Wednesday, April 16, 2008

Who makes a book?

Late last week Book Business announced that a "Community-Sourced Book Publisher Launched" called WEbook, kind of a fiction-focused Wikipedia for-profit. As I scrolled through the proposals, I was reminded of another article in CTIAdvertising, When Did It Bekome Acxeptable to Spell Incuhrrectly? WEbook admits that they want to do for book publishing what "American Idol did for music." So, the WEbook "active projects"/proposals section is obviously the humiliation part of the program, where people who should be learning how to use their spell check are instead learning how to use WEbook, convinced they can write a book without knowing how to write a sentence.

There is something of an "ivy-league" and cliquish mentality in publishing, whether it is academic publishing or, from what I have read and heard from published fiction authors, literature, or even mass-market. There has also been a process to getting published which isn't completely dependent on breaking in to the clique. It's largely dependent on learning to write so that someone wants to read it.

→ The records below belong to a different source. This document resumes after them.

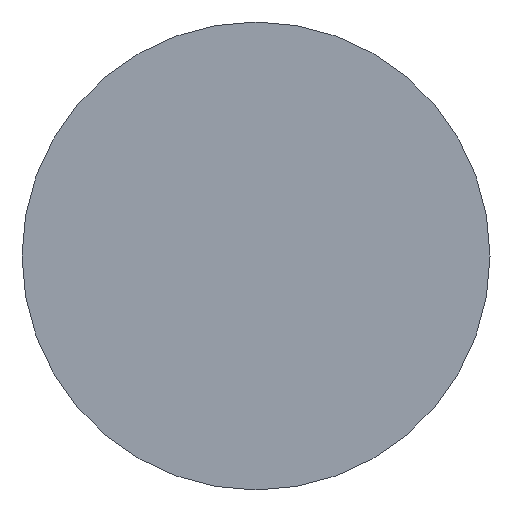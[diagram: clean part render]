
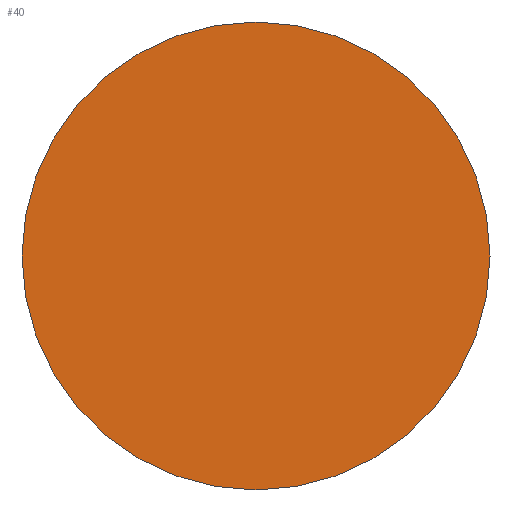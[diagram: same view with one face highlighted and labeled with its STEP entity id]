
A CAD part, left-side view. The second image highlights one B-rep face of the part: STEP entity #40.
In plain terms, the highlighted planar face has unit normal (-1, 0, 0).
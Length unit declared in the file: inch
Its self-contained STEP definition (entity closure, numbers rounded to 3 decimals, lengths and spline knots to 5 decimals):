
#15=PLANE('',#59);
#18=FACE_OUTER_BOUND('',#21,.T.);
#21=EDGE_LOOP('',(#36));
#25=CIRCLE('',#57,0.125);
#27=VERTEX_POINT('',#76);
#29=EDGE_CURVE('',#27,#27,#25,.T.);
#36=ORIENTED_EDGE('',*,*,#29,.T.);
#40=ADVANCED_FACE('',(#18),#15,.T.);
#57=AXIS2_PLACEMENT_3D('',#77,#65,#66);
#59=AXIS2_PLACEMENT_3D('',#81,#70,#71);
#65=DIRECTION('center_axis',(-1.,0.,0.));
#66=DIRECTION('ref_axis',(0.,0.,1.));
#70=DIRECTION('center_axis',(-1.,0.,0.));
#71=DIRECTION('ref_axis',(0.,0.,1.));
#76=CARTESIAN_POINT('',(0.25,0.,-0.125));
#77=CARTESIAN_POINT('Origin',(0.25,0.,0.));
#81=CARTESIAN_POINT('Origin',(0.25,0.,0.));

Which brings me to this NYTimes article, "He Wrote 200,000 Books (but Computers Did Some of the Work). Did he "write" the books? I don't think so. He wrote the code that wrote the books. Because Google writes the algorithms that compile the data about websites doesn't mean that they wrote the data. He compiled the books. So, he's an author without being a writer.

Both these publishing models produce commodified books. Books-by-the-pound, at some point probably worth less than the value of the recyclable paper they are printed on. I don't think the models are inherently bad, but there is something shifty about their implementation. I think if P.T. Barnum were alive, he would approve.